Harley-Davidson UMG: The Police Bike Built to Beat Indian in New York
Harley-Davidson built the UMG for one very specific job: convince the New York Police Department to give up Indian motorcycles. Since the inception of the NYPD Motor-Cycle Squad in 1911, New York had used Indians, and by the late 1930s the Indian Chief was the motorcycle Harley had to beat.
That makes the UMG one of Harley-Davidson’s more unusual police motorcycles. It was not just a standard U-series flathead with police equipment bolted on. Harley built it to answer New York’s Indian-based expectations, right down to the controls, ignition system, and paint.
Indian’s Hold on the NYPD Motor-Cycle Squad
For a city police department, a motorcycle was not judged only by horsepower or price. Officers had to trust it in traffic, mechanics had to keep it working, and city buyers had to believe the supplier could support the fleet. Indian had already earned a strong reputation in police work, from large-department patrol machines to earlier Indian law-enforcement machines built around quick response and daily duty.
By 1937, Harley-Davidson had spent years trying to grow its police business. The UMG fits into Harley’s broader 1930s police-bike push, but it went further than a normal police-package motorcycle. Instead of asking NYPD officers to adapt to a conventional Harley layout, the company built a motorcycle that deliberately felt closer to the Indian Chief they already knew.
A Harley Built to Feel Like an Indian
The basic motorcycle was Harley-Davidson underneath. The UMG used a 74-cubic-inch U-series side-valve V-twin mated to a three-speed transmission. That put it in the same broad working class as Harley’s big flatheads, but the details around the engine and chassis made the UMG stand apart from an ordinary Model U.
In the 1937 NYPD comparison photo, the Indian Chief is on the left and the Harley-Davidson UMG is on the right. Harley’s purpose is obvious. The company was not merely offering New York a different motorcycle; it was trying to remove as many objections as possible by giving the department a Harley that copied the practical habits of the Indian.
Magneto, Generator, and Batteryless Reliability
One of the biggest departures from a regular Harley police machine was the ignition system. The UMG used magneto ignition coupled to a generator, a batteryless arrangement intended to satisfy an NYPD reliability requirement. The idea was simple: if the motorcycle did not depend on a battery for ignition, there was one less failure point to strand an officer.
The engine detail photo shows that change clearly. There is no normal Harley timer in the place where a rider would expect to see one on a standard Harley flathead. That absence is one of the easiest ways to understand how seriously Harley took the NYPD specification. This was a purpose-built attempt to match what New York wanted, not just a catalog police model with different paint.
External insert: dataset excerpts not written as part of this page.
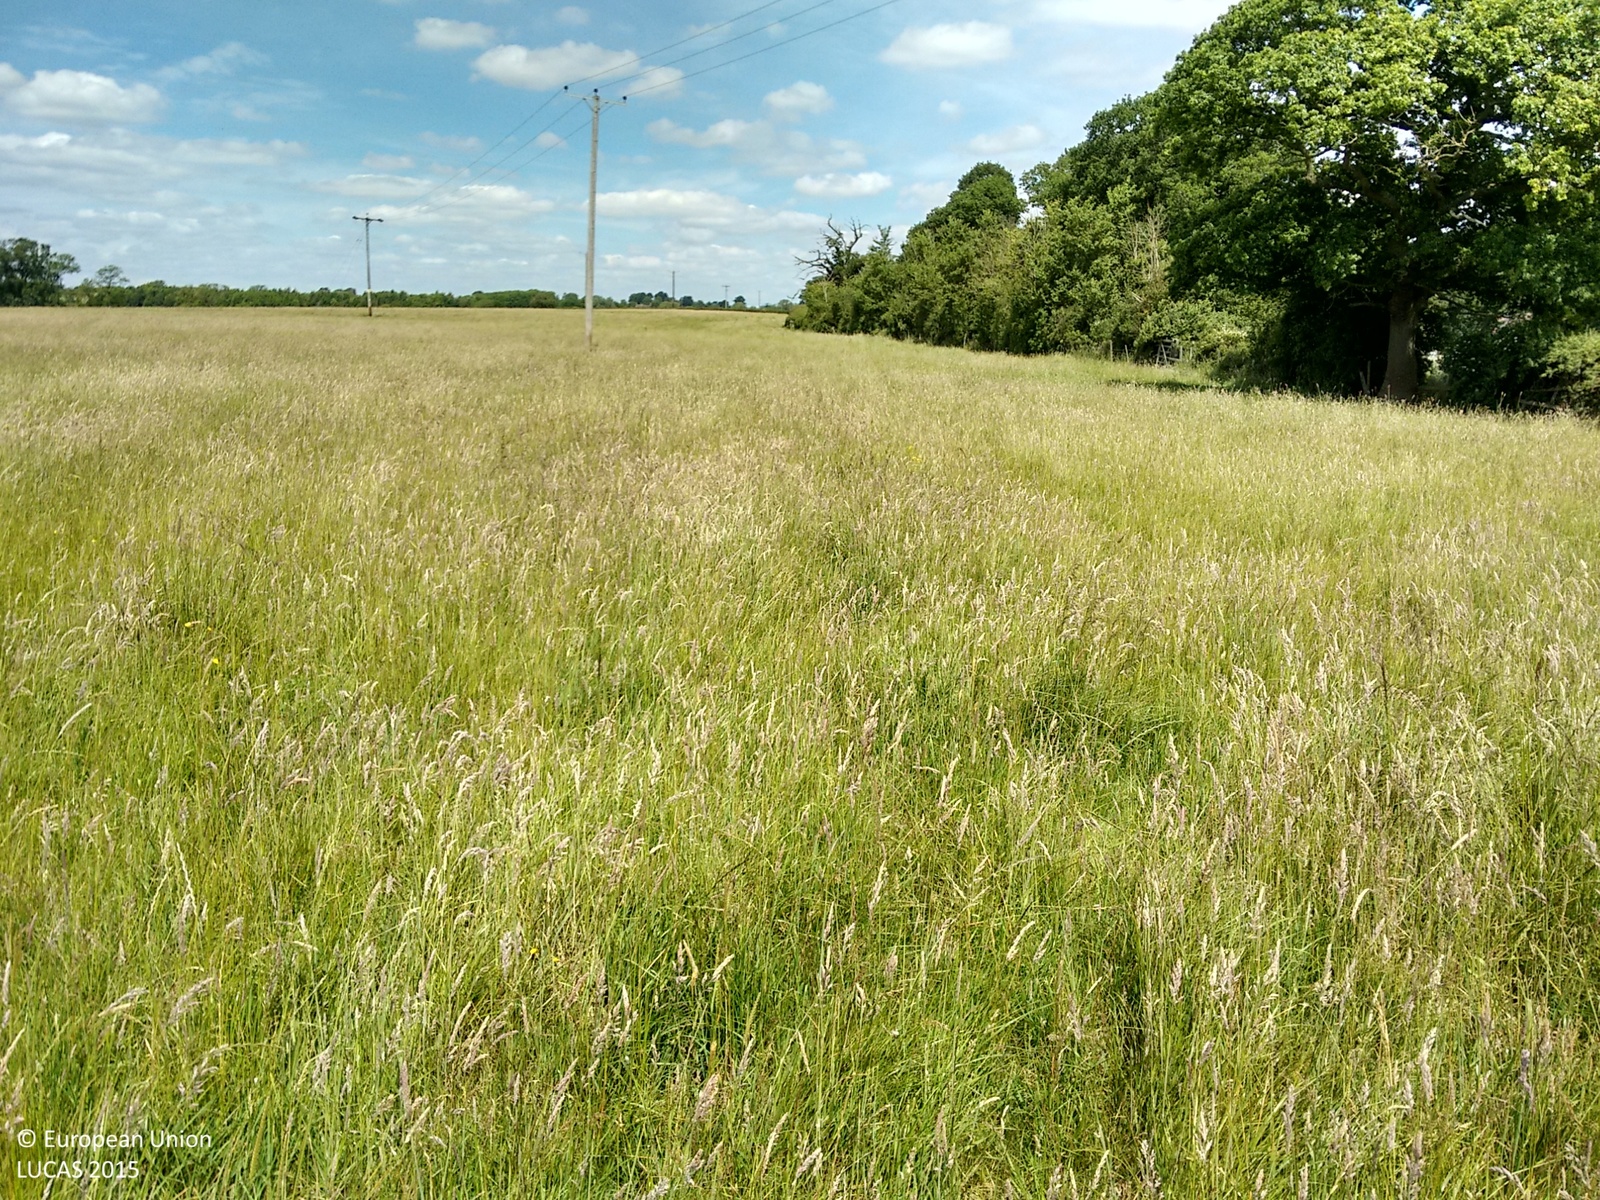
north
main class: Grassland
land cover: Grassland without tree/shrub cover
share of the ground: > 75 %
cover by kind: herbaceous plants 100 %
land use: Agriculture (excluding fallow land and kitchen gardens)
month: June
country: GB
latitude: 51.6254
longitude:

Reversed Controls and Indian Red Paint
The UMG’s controls followed the same logic. Harley reversed the layout so the hand shifter was mounted on the right side of the tank, the throttle was on the left, and the spark advance was on the right. Harley even reversed the action of the foot clutch so it engaged when the lever was rocked backward.
Those changes made the UMG much more familiar to an Indian rider, but they also made it a strange machine by Harley standards. To complete the effect, the tanks and fenders were painted a dark red that was very close in spirit to Indian Red. The old saying that imitation is the sincerest form of flattery applies here: Harley-Davidson was trying to beat Indian by building a police motorcycle that acted and looked enough like one to make the switch easy.
Production, Survivors, and the Failed NYPD Bid
Harley-Davidson produced the UMG from 1937 to 1939, but production numbers are not firmly documented. Surviving accounts often estimate the run under or around 400 motorcycles, and that figure should be treated as an estimate rather than a verified factory total.
The meaning of the UMG name is also best handled carefully. The initials are often treated as a reference to the Model U base and the magneto-generator equipment, but surviving records do not appear to give a clean factory definition. What is clear is the job the motorcycle was built to do: compete directly with Indian for New York police work.
One of the best-known surviving examples has been displayed at Wheels Through Time in Maggie Valley, North Carolina. That surviving motorcycle helps explain why the UMG has become such an interesting footnote for Harley and police-motorcycle collectors. It was rare, highly specific, and built for a customer Harley badly wanted but could not win at the time.
What Happened After Indian
The UMG did not unseat Indian as the NYPD’s motorcycle of choice. Indian remained the department’s familiar supplier, and Harley’s Indian-like flathead quietly disappeared after its short production run. It was not until Indian’s decline in the early 1950s, and the years that followed, that Harley-Davidson finally became the common name on New York police motorcycles.
Harley eventually won the kind of police work it had chased in the 1930s, but not with this motorcycle. The UMG was a bold, almost stubborn attempt to build a Harley that could pass for an Indian in the eyes of New York officers, and its failure shows just how hard it can be to break a department’s loyalty to a proven service machine.